▶ _Exercise description_
Each record has to be returned exactly as it appears.

▶ _Source data_

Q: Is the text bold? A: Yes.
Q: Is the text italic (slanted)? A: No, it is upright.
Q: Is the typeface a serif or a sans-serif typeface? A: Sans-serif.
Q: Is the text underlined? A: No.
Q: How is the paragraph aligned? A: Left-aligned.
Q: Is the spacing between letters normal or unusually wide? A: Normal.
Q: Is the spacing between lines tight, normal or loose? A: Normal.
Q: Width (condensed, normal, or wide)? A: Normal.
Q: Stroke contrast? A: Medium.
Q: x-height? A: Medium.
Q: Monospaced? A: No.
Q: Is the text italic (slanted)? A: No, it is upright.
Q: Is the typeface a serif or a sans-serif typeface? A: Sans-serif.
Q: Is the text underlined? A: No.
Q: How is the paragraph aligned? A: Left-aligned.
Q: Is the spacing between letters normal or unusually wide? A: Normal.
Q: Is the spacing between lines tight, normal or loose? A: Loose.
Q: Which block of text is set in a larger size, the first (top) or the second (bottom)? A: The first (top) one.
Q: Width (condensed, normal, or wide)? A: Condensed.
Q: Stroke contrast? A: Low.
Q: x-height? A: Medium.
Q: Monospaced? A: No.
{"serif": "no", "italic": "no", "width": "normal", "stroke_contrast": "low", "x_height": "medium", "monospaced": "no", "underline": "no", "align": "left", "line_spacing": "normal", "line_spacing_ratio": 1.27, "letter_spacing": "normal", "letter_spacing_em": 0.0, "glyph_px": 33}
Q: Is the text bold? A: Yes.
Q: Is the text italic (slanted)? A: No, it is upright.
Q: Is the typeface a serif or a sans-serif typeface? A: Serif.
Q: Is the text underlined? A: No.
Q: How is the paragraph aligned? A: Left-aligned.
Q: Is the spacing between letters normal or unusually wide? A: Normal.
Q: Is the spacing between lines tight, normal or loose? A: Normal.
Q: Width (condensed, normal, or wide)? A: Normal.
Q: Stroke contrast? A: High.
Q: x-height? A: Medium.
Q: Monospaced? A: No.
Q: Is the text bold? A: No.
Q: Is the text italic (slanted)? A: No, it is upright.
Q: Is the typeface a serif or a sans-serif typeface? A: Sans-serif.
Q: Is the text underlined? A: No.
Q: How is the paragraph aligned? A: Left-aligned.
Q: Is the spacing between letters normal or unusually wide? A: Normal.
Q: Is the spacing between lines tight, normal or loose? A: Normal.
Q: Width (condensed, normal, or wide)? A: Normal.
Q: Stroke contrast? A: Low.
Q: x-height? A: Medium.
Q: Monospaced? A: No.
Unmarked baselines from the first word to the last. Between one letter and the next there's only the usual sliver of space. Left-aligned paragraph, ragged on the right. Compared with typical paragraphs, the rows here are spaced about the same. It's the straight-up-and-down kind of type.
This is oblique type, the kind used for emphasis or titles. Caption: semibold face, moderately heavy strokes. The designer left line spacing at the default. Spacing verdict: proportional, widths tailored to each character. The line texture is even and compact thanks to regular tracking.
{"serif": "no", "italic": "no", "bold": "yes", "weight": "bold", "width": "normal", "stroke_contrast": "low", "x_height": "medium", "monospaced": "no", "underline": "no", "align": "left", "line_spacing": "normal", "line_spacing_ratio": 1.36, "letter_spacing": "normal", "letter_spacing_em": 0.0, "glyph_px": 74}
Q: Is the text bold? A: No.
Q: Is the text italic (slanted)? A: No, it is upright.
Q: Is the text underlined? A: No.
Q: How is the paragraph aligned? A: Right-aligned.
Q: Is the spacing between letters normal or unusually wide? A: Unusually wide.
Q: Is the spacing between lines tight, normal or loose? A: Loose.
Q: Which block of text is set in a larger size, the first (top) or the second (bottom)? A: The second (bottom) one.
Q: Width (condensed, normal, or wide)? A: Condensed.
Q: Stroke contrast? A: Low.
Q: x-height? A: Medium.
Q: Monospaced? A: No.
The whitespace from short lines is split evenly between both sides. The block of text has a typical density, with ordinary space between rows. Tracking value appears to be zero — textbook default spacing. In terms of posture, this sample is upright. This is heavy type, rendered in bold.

▶ _Output below_
Q: Is the text bold? A: Yes.
Q: Is the text italic (slanted)? A: No, it is upright.
Q: Is the typeface a serif or a sans-serif typeface? A: Sans-serif.
Q: Is the text underlined? A: No.
Q: How is the paragraph aligned? A: Left-aligned.
Q: Is the spacing between letters normal or unusually wide? A: Normal.
Q: Is the spacing between lines tight, normal or loose? A: Normal.
Q: Width (condensed, normal, or wide)? A: Normal.
Q: Stroke contrast? A: Medium.
Q: x-height? A: Medium.
Q: Monospaced? A: No.
Q: Is the text italic (slanted)? A: No, it is upright.
Q: Is the typeface a serif or a sans-serif typeface? A: Sans-serif.
Q: Is the text underlined? A: No.
Q: How is the paragraph aligned? A: Left-aligned.
Q: Is the spacing between letters normal or unusually wide? A: Normal.
Q: Is the spacing between lines tight, normal or loose? A: Loose.
Q: Which block of text is set in a larger size, the first (top) or the second (bottom)? A: The first (top) one.
Q: Width (condensed, normal, or wide)? A: Condensed.
Q: Stroke contrast? A: Low.
Q: x-height? A: Medium.
Q: Monospaced? A: No.
{"serif": "no", "italic": "no", "width": "normal", "stroke_contrast": "low", "x_height": "medium", "monospaced": "no", "underline": "no", "align": "left", "line_spacing": "normal", "line_spacing_ratio": 1.27, "letter_spacing": "normal", "letter_spacing_em": 0.0, "glyph_px": 33}
Q: Is the text bold? A: Yes.
Q: Is the text italic (slanted)? A: No, it is upright.
Q: Is the typeface a serif or a sans-serif typeface? A: Serif.
Q: Is the text underlined? A: No.
Q: How is the paragraph aligned? A: Left-aligned.
Q: Is the spacing between letters normal or unusually wide? A: Normal.
Q: Is the spacing between lines tight, normal or loose? A: Normal.
Q: Width (condensed, normal, or wide)? A: Normal.
Q: Stroke contrast? A: High.
Q: x-height? A: Medium.
Q: Monospaced? A: No.
Q: Is the text bold? A: No.
Q: Is the text italic (slanted)? A: No, it is upright.
Q: Is the typeface a serif or a sans-serif typeface? A: Sans-serif.
Q: Is the text underlined? A: No.
Q: How is the paragraph aligned? A: Left-aligned.
Q: Is the spacing between letters normal or unusually wide? A: Normal.
Q: Is the spacing between lines tight, normal or loose? A: Normal.
Q: Width (condensed, normal, or wide)? A: Normal.
Q: Stroke contrast? A: Low.
Q: x-height? A: Medium.
Q: Monospaced? A: No.
Unmarked baselines from the first word to the last. Between one letter and the next there's only the usual sliver of space. Left-aligned paragraph, ragged on the right. Compared with typical paragraphs, the rows here are spaced about the same. It's the straight-up-and-down kind of type.
This is oblique type, the kind used for emphasis or titles. Caption: semibold face, moderately heavy strokes. The designer left line spacing at the default. Spacing verdict: proportional, widths tailored to each character. The line texture is even and compact thanks to regular tracking.
{"serif": "no", "italic": "no", "bold": "yes", "weight": "bold", "width": "normal", "stroke_contrast": "low", "x_height": "medium", "monospaced": "no", "underline": "no", "align": "left", "line_spacing": "normal", "line_spacing_ratio": 1.36, "letter_spacing": "normal", "letter_spacing_em": 0.0, "glyph_px": 74}
Q: Is the text bold? A: No.
Q: Is the text italic (slanted)? A: No, it is upright.
Q: Is the text underlined? A: No.
Q: How is the paragraph aligned? A: Right-aligned.
Q: Is the spacing between letters normal or unusually wide? A: Unusually wide.
Q: Is the spacing between lines tight, normal or loose? A: Loose.
Q: Which block of text is set in a larger size, the first (top) or the second (bottom)? A: The second (bottom) one.
Q: Width (condensed, normal, or wide)? A: Condensed.
Q: Stroke contrast? A: Low.
Q: x-height? A: Medium.
Q: Monospaced? A: No.
The whitespace from short lines is split evenly between both sides. The block of text has a typical density, with ordinary space between rows. Tracking value appears to be zero — textbook default spacing. In terms of posture, this sample is upright. This is heavy type, rendered in bold.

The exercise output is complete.